Detecting a neoplastic clone associated with a BCR/ABL1 rearrangement in patients with chronic myeloid leukemia (CML)

 

Tracking the percentage of nuclei with BCR/ABL1 rearrangement and response to therapy in patients with CML.

Reflex Tests

Test ID Reporting Name Available Separately Always Performed
_PBCT Probe, +2 No, (Bill Only) No
_PADD Probe, +1 No, (Bill Only) No
_PB02 Probe, +2 No, (Bill Only) No
_PB03 Probe, +3 No, (Bill Only) No
_IL25 Interphases, <25 No, (Bill Only) No
_I099 Interphases, 25-99 No, (Bill Only) No
_I300 Interphases, ≥100 No, (Bill Only) No

Testing Algorithm

This test includes a charge for application of the first probe set (2 FISH probes) and professional interpretation of results. Additional charges will be incurred for application of all reflex probes performed. Analysis charges will be incurred based on the number of cells analyzed per probe set. If no cells are available for analysis, no analysis charges will be incurred.

 

The following algorithms are available in Special Instructions:

Myeloproliferative Neoplasm: A Diagnostic Approach to Bone Marrow Evaluation

Myeloproliferative Neoplasm: A Diagnostic Approach to Peripheral Blood Evaluation

Method Name

Fluorescence In Situ Hybridization (FISH)

Reporting Name

BCR/ABL1, FISH

Specimen Type

Varies


Shipping Instructions


Advise Express Mail or equivalent if not on courier service.



Necessary Information


Provide a reason for referral with each specimen. The laboratory will not reject testing if this information is not provided, but appropriate testing and interpretation may be compromised or delayed.



Specimen Required


Submit only 1 of the following specimens:

 

Specimen Type: Whole blood

Container/Tube: Green top (sodium heparin)

Specimen Volume: 7-10 mL

Collection Instructions:

1. Invert several times to mix blood.

2. Other anticoagulants are not recommended and are harmful to the viability of the cells.

 

Specimen Type: Bone marrow

Container/Tube: Green top (sodium heparin)

Specimen Volume: 1-2 mL

Collection Instructions:

1. Invert several times to mix bone marrow.
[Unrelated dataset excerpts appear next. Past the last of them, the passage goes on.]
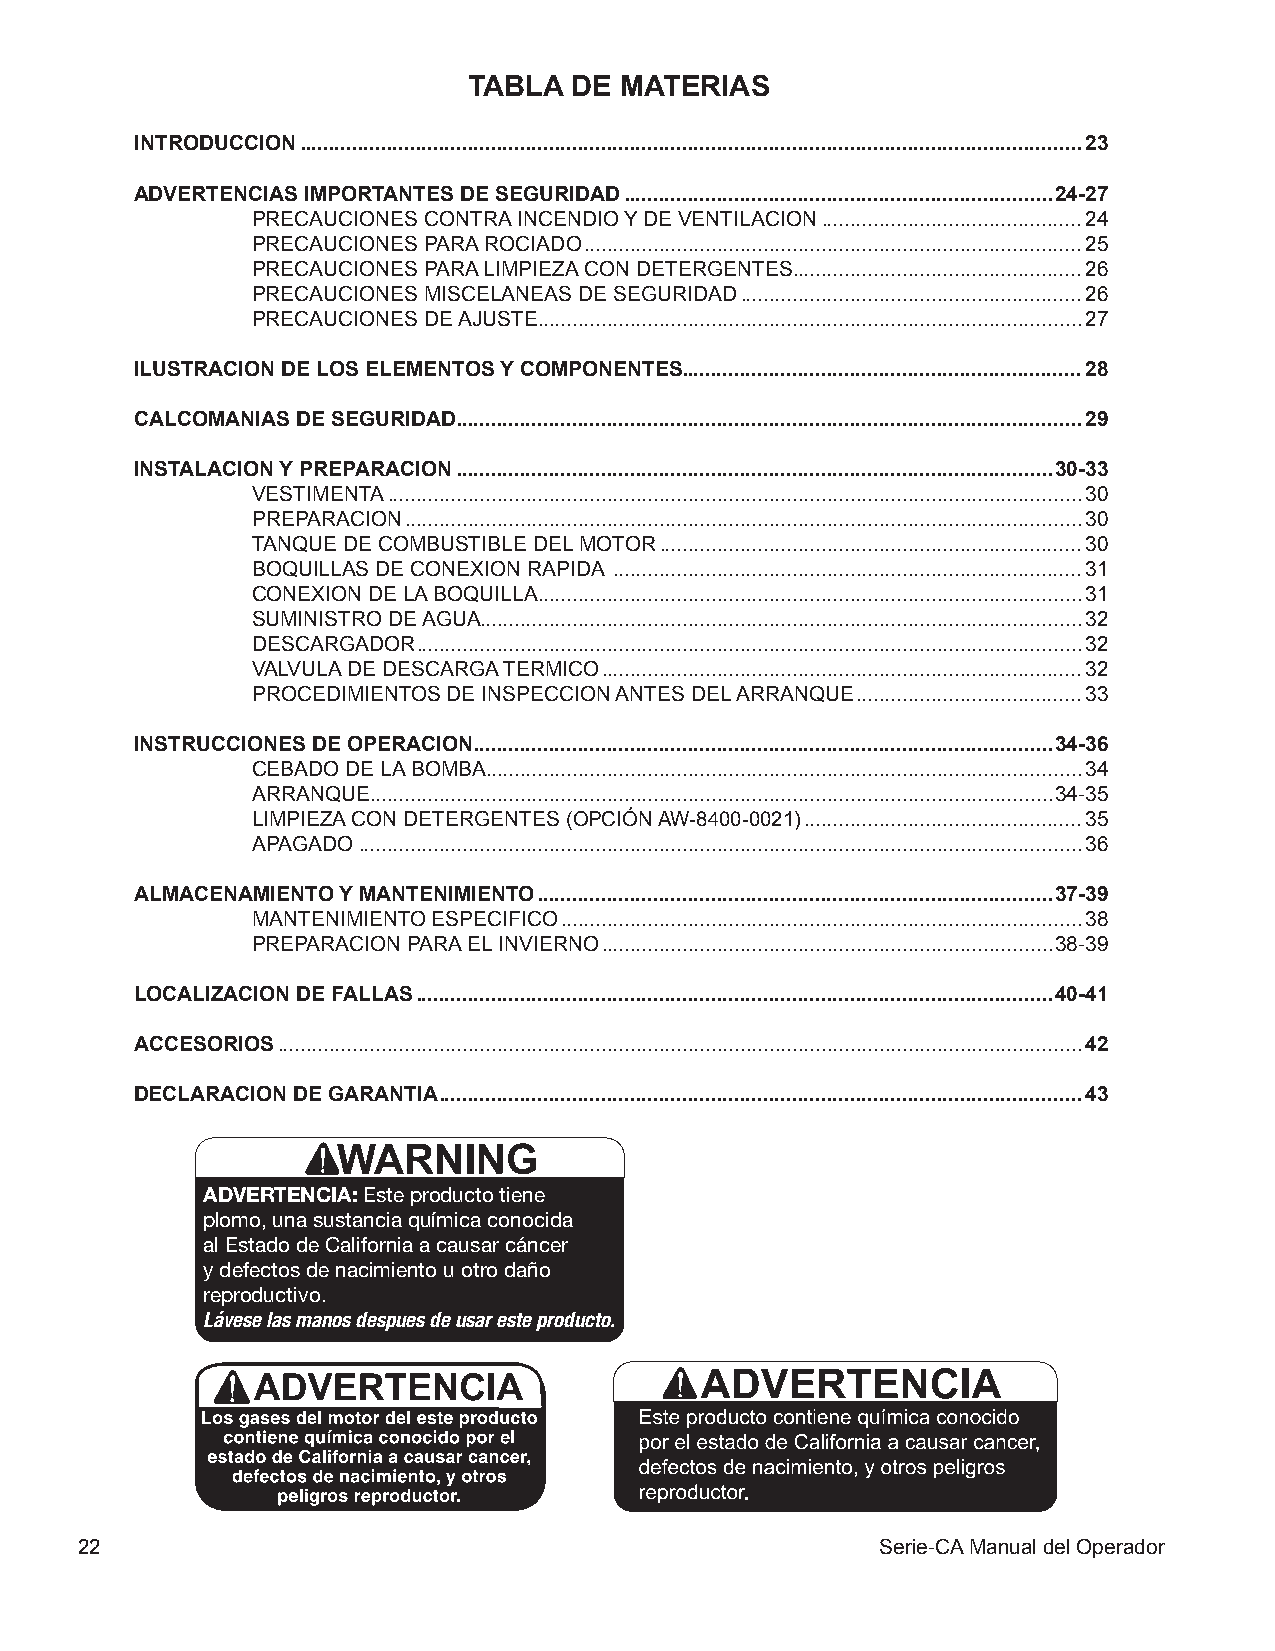
TABLA  DE MATERIAS
 INTRODUCCION .......................................................................................................................................23
 ADVERTENCIAS IMPORTANTES DE SEGURIDAD ..........................................................................24-27
 PRECAUCIONES CONTRA INCENDIO Y DE VENTILACION .............................................24
 PRECAUCIONES PARA ROCIADO ......................................................................................25
 PRECAUCIONES PARA LIMPIEZA CON DETERGENTES ..................................................26
 PRECAUCIONES MISCELANEAS DE SEGURIDAD ...........................................................26
 PRECAUCIONES DE AJUSTE..............................................................................................27
 ILUSTRACION DE LOS ELEMENTOS Y COMPONENTES .....................................................................28
 CALCOMANIAS DE SEGURIDAD ............................................................................................................29
 INSTALACION Y PREPARACION .......................................................................................................30-33
 VESTIMENTA ........................................................................................................................30
 PREPARACION .....................................................................................................................30
 TANQUE DE COMBUSTIBLE DEL MOTOR .........................................................................30
 BOQUILLAS DE CONEXION RAPIDA .................................................................................31
 CONEXION DE LA BOQUILLA ..............................................................................................31
 SUMINISTRO DE AGUA........................................................................................................32
 DESCARGADOR ...................................................................................................................32
 VALVULA DE DESCARGA TERMICO ...................................................................................32
 PROCEDIMIENTOS DE INSPECCION ANTES DEL ARRANQUE .......................................33
 INSTRUCCIONES DE OPERACION ....................................................................................................34-36
 CEBADO DE LA BOMBA .......................................................................................................34
 ARRANQUE......................................................................................................................34-35
 LIMPIEZA CON DETERGENTES (OPCIÓN AW-8400-0021) ................................................35
 APAGADO .............................................................................................................................36
 ALMACENAMIENTO Y MANTENIMIENTO .........................................................................................37-39
 MANTENIMIENTO ESPECIFICO ..........................................................................................38
 PREPARACION PARA EL INVIERNO ..............................................................................38-39
 LOCALIZACION DE FALLAS ..............................................................................................................40-41
 ACCESORIOS ...........................................................................................................................................42
 DECLARACION DE GARANTIA ...............................................................................................................43
 ADVERTENCIA: Este producto tiene
 plomo, una sustancia química conocida
 al Estado de California a causar cáncer
 y defectos de nacimiento u otro daño
 reproductivo.
 Lávese las manos despues de usar este producto.
 22                                                   Serie-CA Manual del Operador

2. Other anticoagulants are not recommended and are harmful to the viability of the cells.


Specimen Minimum Volume

Blood: 2 mL; Bone Marrow: 1 mL

Specimen Stability Information

Specimen Type Temperature Time
Varies Ambient (preferred)
  Refrigerated 

Reject Due To

No specimen should be rejected.

Reference Values

An interpretive report will be provided.

Day(s) and Time(s) Performed

Samples processed Monday through Sunday. Results reported Monday through Friday, 8 a.m.-5 p.m. CST.

Analytic Time

7 days

Performing Laboratory

Mayo Medical Laboratories in Rochester

Test Classification

This test was developed using an analyte specific reagent. Its performance characteristics were determined by Mayo Clinic in a manner consistent with CLIA requirements. This test has not been cleared or approved by the U.S. Food and Drug Administration.

CPT Code Information

88271 x 2, 88291-DNA probe, each (first probe set), Interpretation and report

88271 x 2-DNA probe, each; each additional probe set (if appropriate)

88271 x 1-DNA probe, each; coverage for sets containing 3 probes (if appropriate)

88271 x 2-DNA probe, each; coverage for sets containing 4 probes (if appropriate)

88271 x 3-DNA probe, each; coverage for sets containing 5 probes (if appropriate)

88274 w/modifier 52-Interphase in situ hybridization, <25 cells, each probe set (if appropriate)

88274-Interphase in situ hybridization, 25 to 99 cells, each probe set (if appropriate)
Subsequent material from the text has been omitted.